## Activity
All entries below are to be reproduced precisely as they stand, without the pictures.

## Data for review

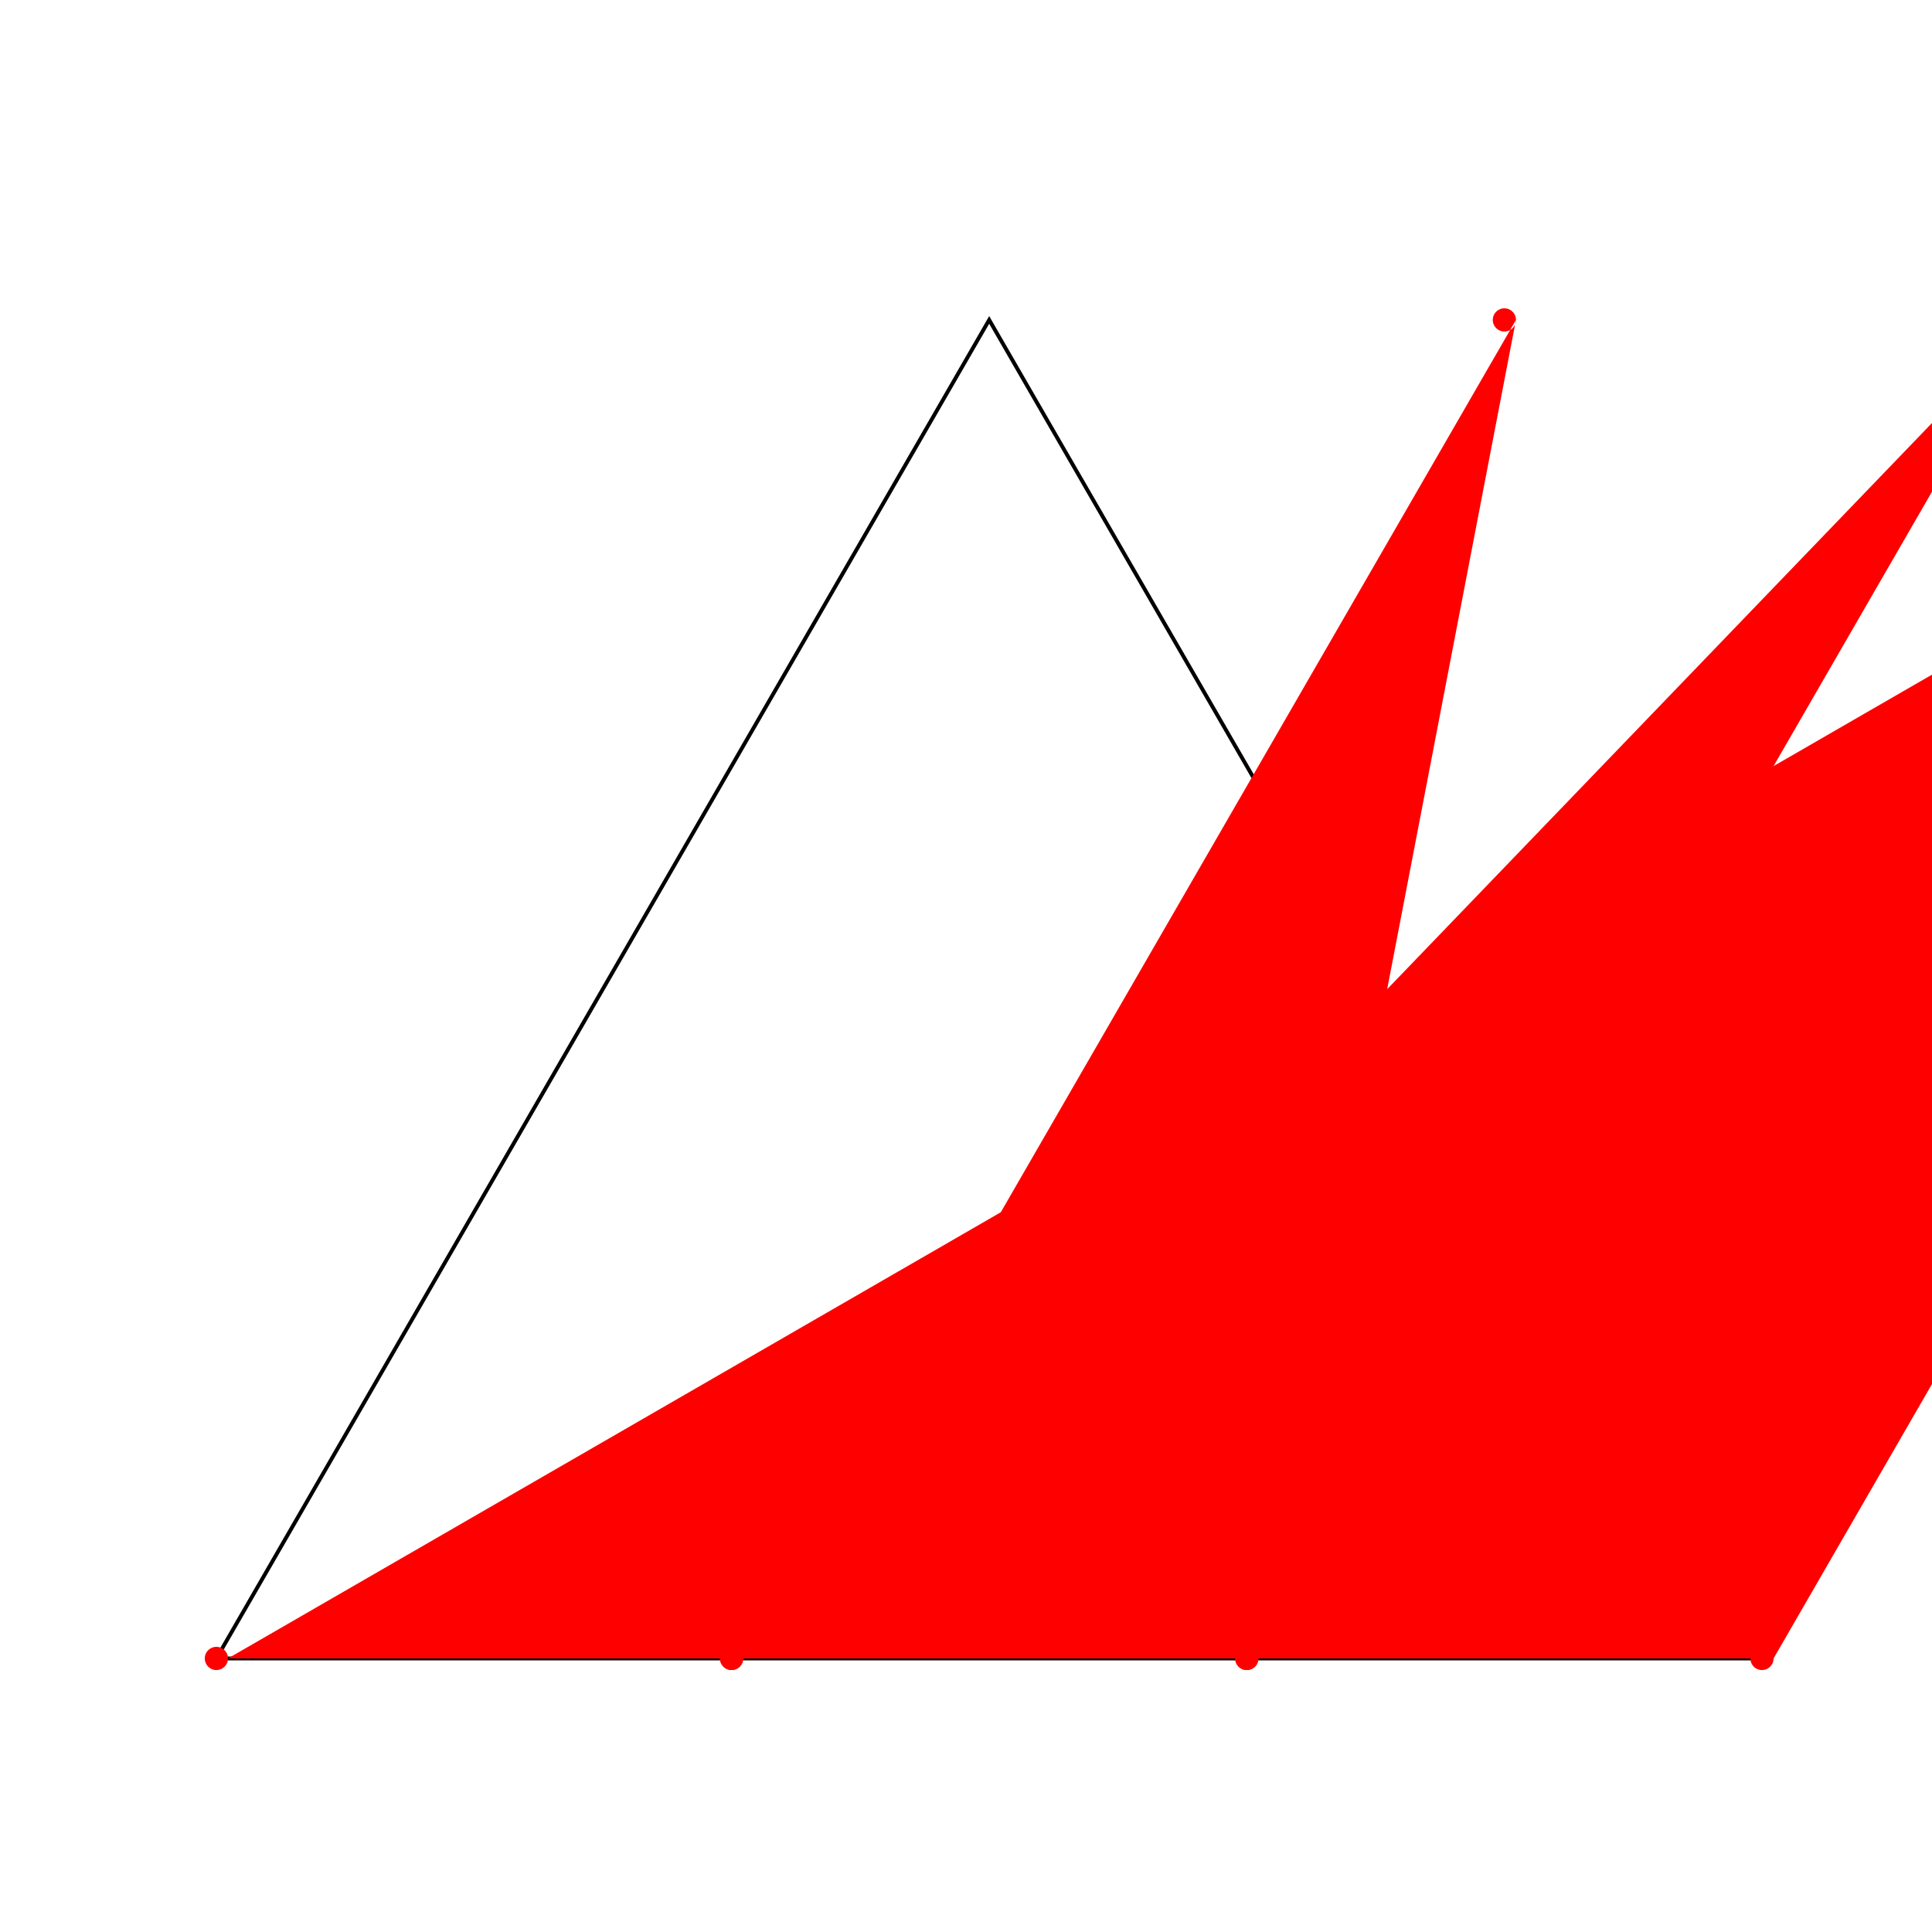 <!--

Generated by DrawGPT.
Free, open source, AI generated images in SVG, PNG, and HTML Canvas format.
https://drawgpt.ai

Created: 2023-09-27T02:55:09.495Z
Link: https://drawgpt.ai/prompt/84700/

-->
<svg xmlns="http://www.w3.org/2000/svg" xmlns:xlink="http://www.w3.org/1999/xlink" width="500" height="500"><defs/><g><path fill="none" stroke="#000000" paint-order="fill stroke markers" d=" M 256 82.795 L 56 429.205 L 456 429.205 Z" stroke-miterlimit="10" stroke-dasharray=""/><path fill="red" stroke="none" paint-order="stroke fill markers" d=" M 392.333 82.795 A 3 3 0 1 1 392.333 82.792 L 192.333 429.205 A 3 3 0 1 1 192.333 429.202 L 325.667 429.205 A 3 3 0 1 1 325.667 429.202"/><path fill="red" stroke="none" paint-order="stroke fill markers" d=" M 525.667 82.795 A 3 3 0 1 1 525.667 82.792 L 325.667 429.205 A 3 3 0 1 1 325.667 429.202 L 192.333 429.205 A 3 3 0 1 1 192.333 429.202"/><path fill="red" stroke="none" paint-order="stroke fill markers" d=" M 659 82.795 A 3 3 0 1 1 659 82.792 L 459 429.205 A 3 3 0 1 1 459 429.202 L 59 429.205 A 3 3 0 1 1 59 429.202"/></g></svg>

## Reply to the task
 <!--

Generated by DrawGPT.
Free, open source, AI generated images in SVG, PNG, and HTML Canvas format.
https://drawgpt.ai

Created: 2023-09-27T02:55:09.495Z
Link: https://drawgpt.ai/prompt/84700/

-->
<svg xmlns="http://www.w3.org/2000/svg" xmlns:xlink="http://www.w3.org/1999/xlink" width="500" height="500"><defs/><g><path fill="none" stroke="#000000" paint-order="fill stroke markers" d=" M 256 82.795 L 56 429.205 L 456 429.205 Z" stroke-miterlimit="10" stroke-dasharray=""/><path fill="red" stroke="none" paint-order="stroke fill markers" d=" M 392.333 82.795 A 3 3 0 1 1 392.333 82.792 L 192.333 429.205 A 3 3 0 1 1 192.333 429.202 L 325.667 429.205 A 3 3 0 1 1 325.667 429.202"/><path fill="red" stroke="none" paint-order="stroke fill markers" d=" M 525.667 82.795 A 3 3 0 1 1 525.667 82.792 L 325.667 429.205 A 3 3 0 1 1 325.667 429.202 L 192.333 429.205 A 3 3 0 1 1 192.333 429.202"/><path fill="red" stroke="none" paint-order="stroke fill markers" d=" M 659 82.795 A 3 3 0 1 1 659 82.792 L 459 429.205 A 3 3 0 1 1 459 429.202 L 59 429.205 A 3 3 0 1 1 59 429.202"/></g></svg>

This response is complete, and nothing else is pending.